At War on the Rocks, Daniel Fiott writes that the AUKUS agreement, a “daring and novel approach to military cooperation” focused largely on emerging and disruptive technologies, faces considerable implementation challenges, including political barriers to the transfer of innovative technology between allies. The author warns that “revisionist states” including China, Russia, and North Korea have been collaborating on military technology in recent years. Acknowledging that the United States is unlikely to ease export restrictions in the near future, the author argues that the U.S. and allies should “focus on dragging technologies through to application” because “the familiar pattern of creating new innovation funds and/or agencies” will be insufficient to produce “high-tech and disruptive” systems. The author also argues that Euro-Atlantic and Indo-Pacific nations should enhance cooperation on securing supply chains (specifically for critical minerals) and exchanging scientists and researchers in order to improve joint defense innovation. 

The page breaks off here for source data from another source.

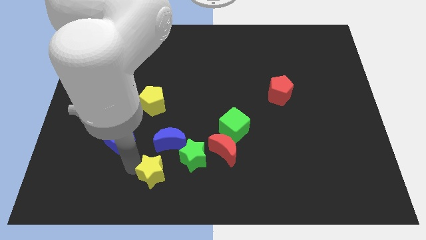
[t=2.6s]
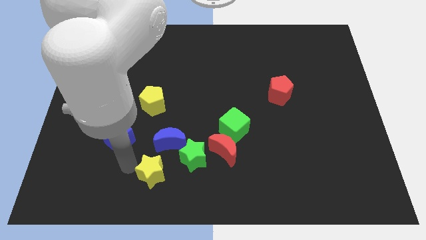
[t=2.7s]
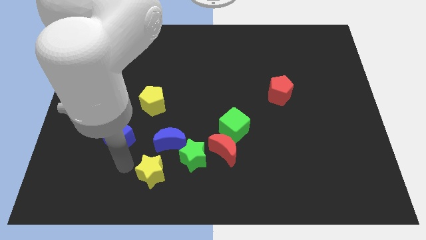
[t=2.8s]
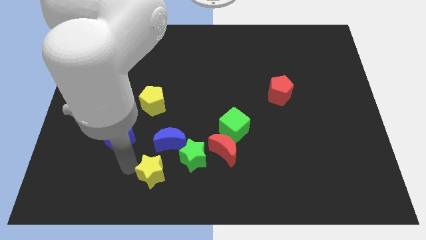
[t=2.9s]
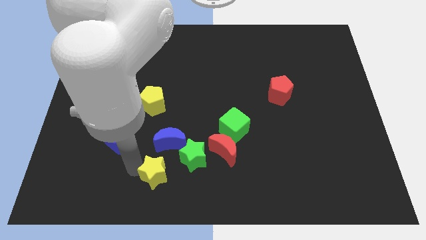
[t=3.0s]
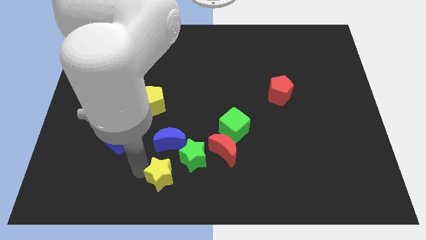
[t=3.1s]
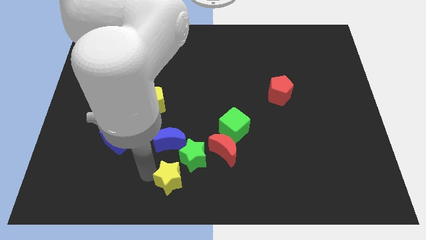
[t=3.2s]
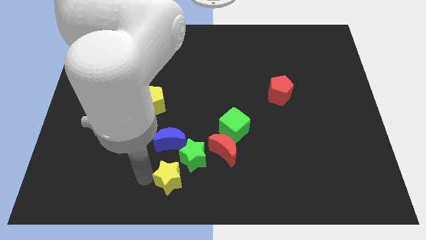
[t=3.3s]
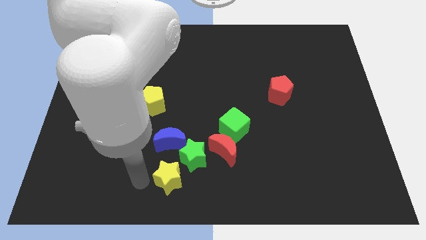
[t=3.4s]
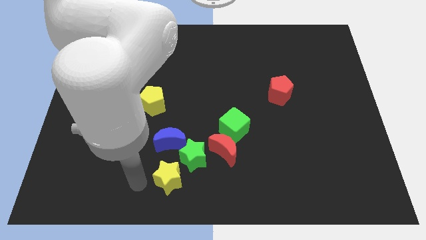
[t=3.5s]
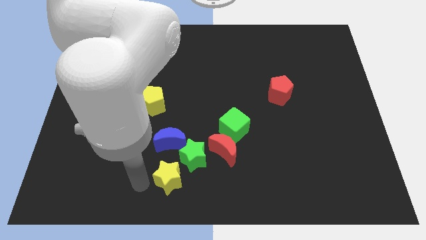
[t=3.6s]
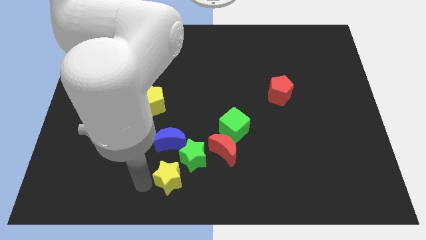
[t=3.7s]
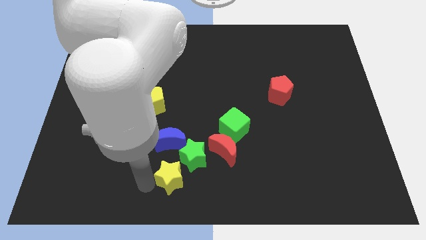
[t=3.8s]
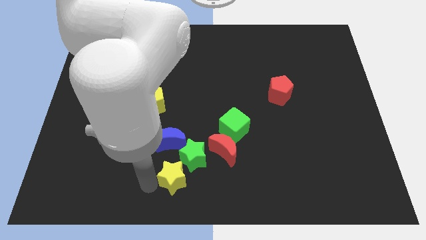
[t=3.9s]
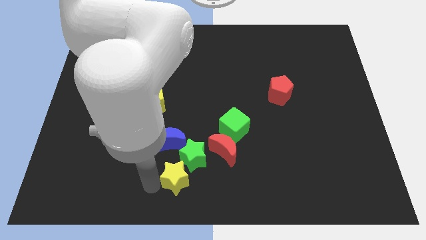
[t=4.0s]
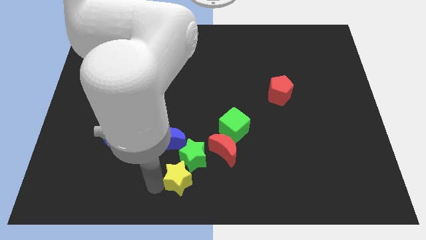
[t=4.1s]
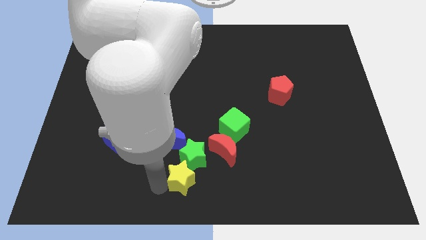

And also at War on the Rocks, Jared McKinney and Peter Harris argue that while in the past, China lacked the military capability to take Taiwan by force, “the military balance of power has shifted decisively,” enabling an amphibious invasion in the not-too-distant future. The United States’s policy of strategic ambiguity may no longer be a sufficient deterrent, as China is increasingly fearful that the U.S. will reverse its One China policy and may seek to resolve the situation by force before it deteriorates further. Additionally, the stagnation of China’s economic growth may prompt the Chinese government to conduct a “diversionary war” to distract from domestic pressures. What’s more, McKinney and Harris argue that U.S. export controls on technology and semiconductors designed to keep U.S. technological advancements a step ahead of China may have the unintended consequence of provoking Beijing to act against Taiwan “before the U.S. military can reap the rewards of the emerging military-technological revolution.” The authors argue for deterrence measures that can be implemented in the short term: Taiwan should change its intercept doctrine to avoid wearing out its pilots and airframes by intercepting every Chinese incursion into its air defense identification zone, prioritize air defense in the form of ground-based launchers to counter China’s air control in event of invasion, and continue developing its low-earth orbit satellite network for communications. They also advocate in favor of regional powers (namely Japan, South Korea, the Philippines, and Australia) announcing a willingness to impose economic and political sanctions and increase defense spending in the event of an invasion.